* SUPPLIED DATA *
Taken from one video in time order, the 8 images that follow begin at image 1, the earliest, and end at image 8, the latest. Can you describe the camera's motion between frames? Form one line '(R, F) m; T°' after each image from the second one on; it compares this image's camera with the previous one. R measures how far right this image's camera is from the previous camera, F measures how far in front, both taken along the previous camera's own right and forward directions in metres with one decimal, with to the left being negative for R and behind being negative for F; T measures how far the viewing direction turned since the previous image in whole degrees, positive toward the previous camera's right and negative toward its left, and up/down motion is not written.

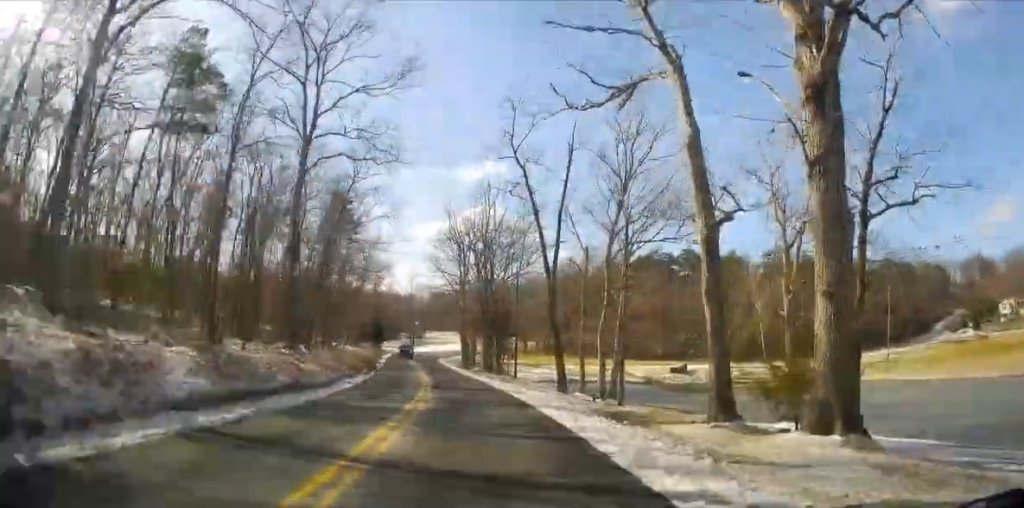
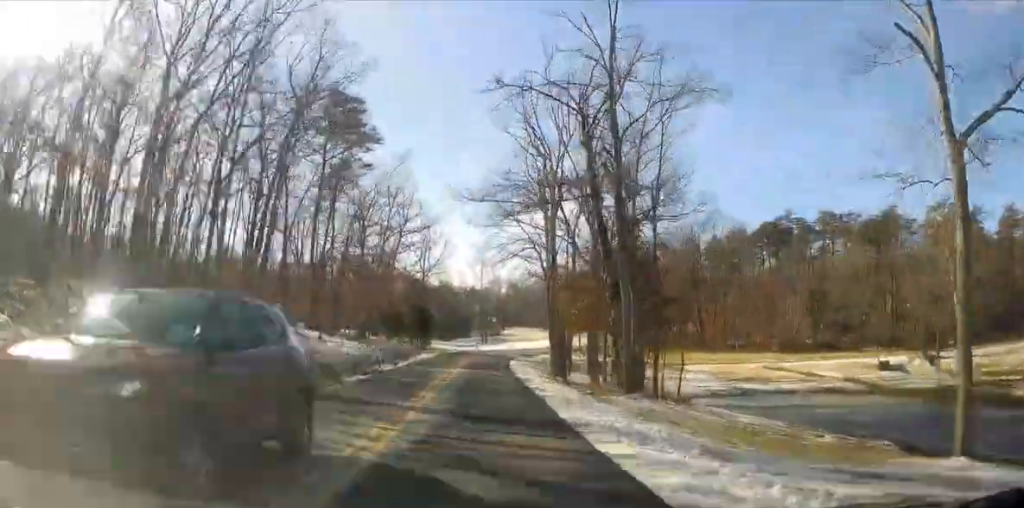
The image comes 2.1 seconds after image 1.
(-2.2, +33.7) m; -5°
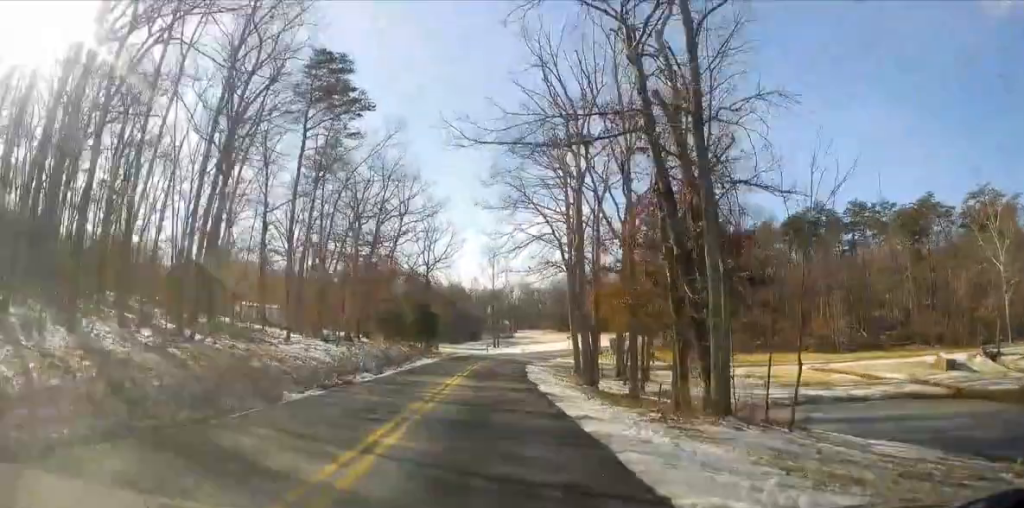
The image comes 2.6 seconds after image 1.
(0.0, +7.6) m; 0°
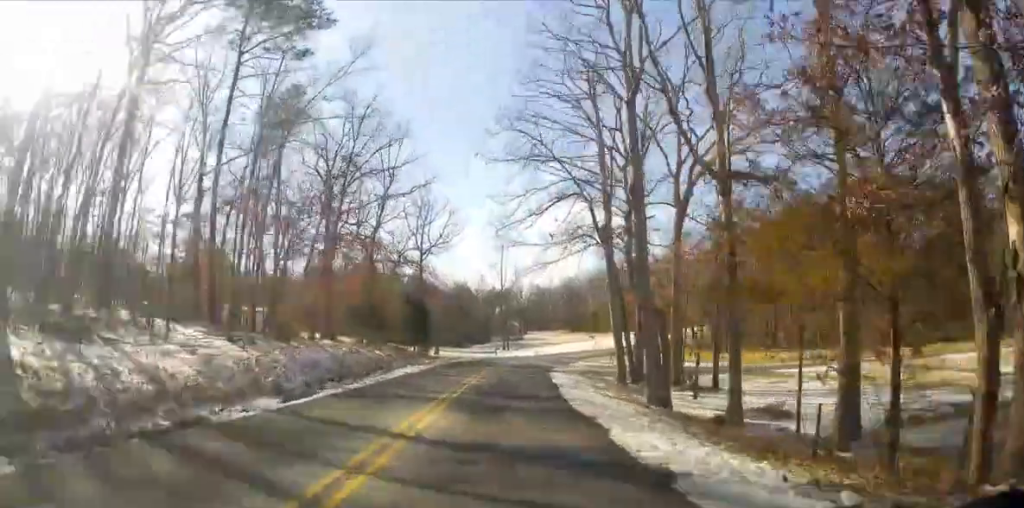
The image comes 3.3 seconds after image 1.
(0.0, +12.0) m; 0°
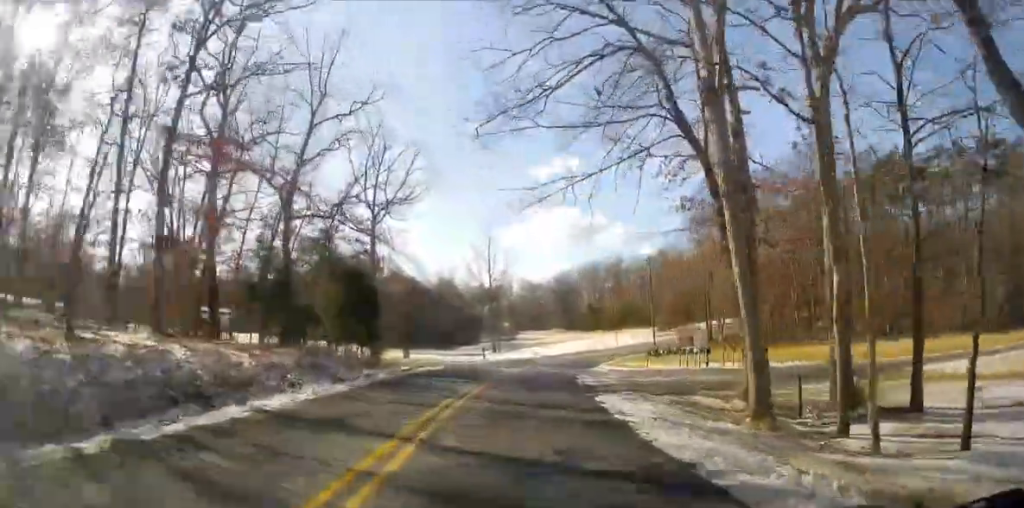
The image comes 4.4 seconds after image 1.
(0.0, +16.9) m; -1°
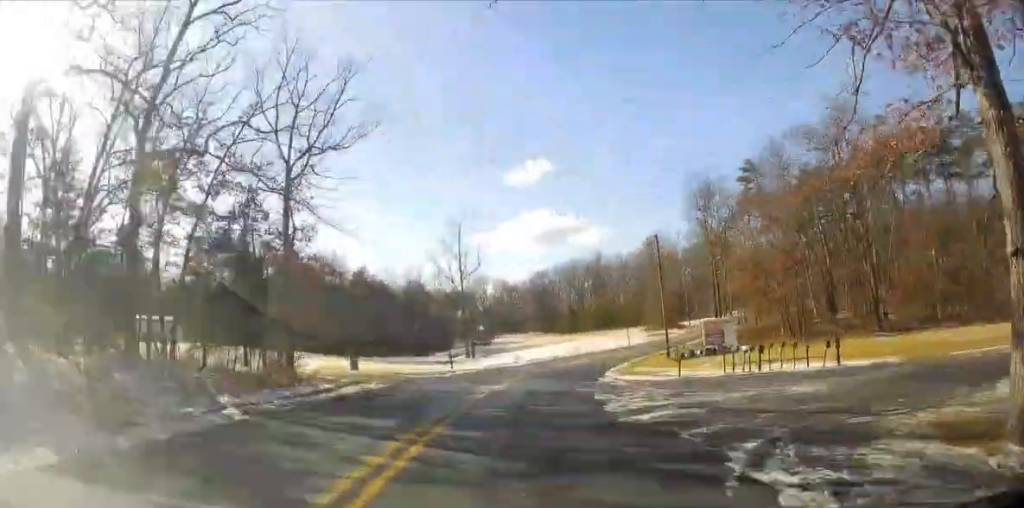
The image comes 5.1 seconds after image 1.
(-0.2, +11.9) m; +3°
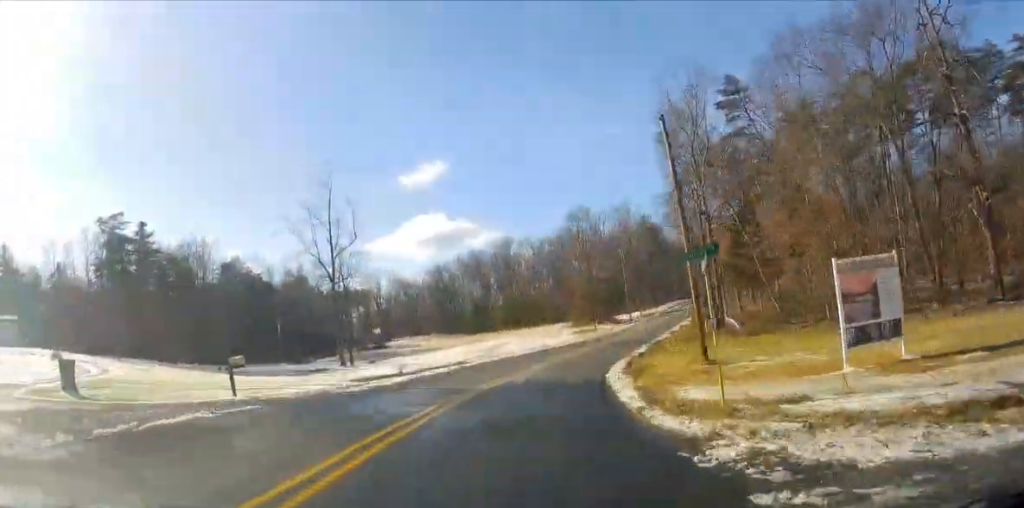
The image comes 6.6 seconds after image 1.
(+2.1, +24.0) m; +10°
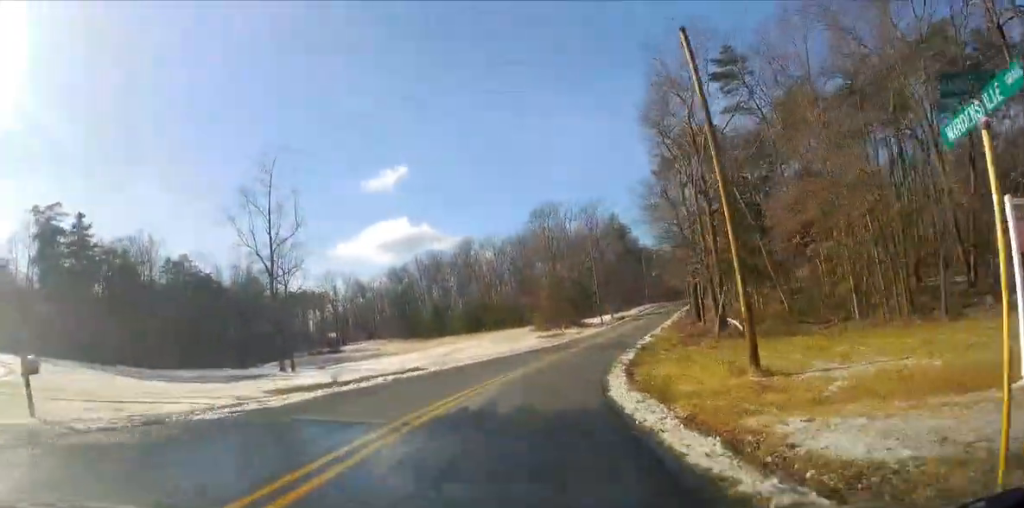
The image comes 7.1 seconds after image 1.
(+0.1, +7.6) m; +2°

* EXERCISE DETAILS *
The expected output is an exact copy of the lines from the one holding "The image comes 3.3 seconds after image 1." through the last line of the listing above, with the pictures omitted.

* RESPONSE AREA *
The image comes 3.3 seconds after image 1.
(0.0, +12.0) m; 0°
The image comes 4.4 seconds after image 1.
(0.0, +16.9) m; -1°
The image comes 5.1 seconds after image 1.
(-0.2, +11.9) m; +3°
The image comes 6.6 seconds after image 1.
(+2.1, +24.0) m; +10°
The image comes 7.1 seconds after image 1.
(+0.1, +7.6) m; +2°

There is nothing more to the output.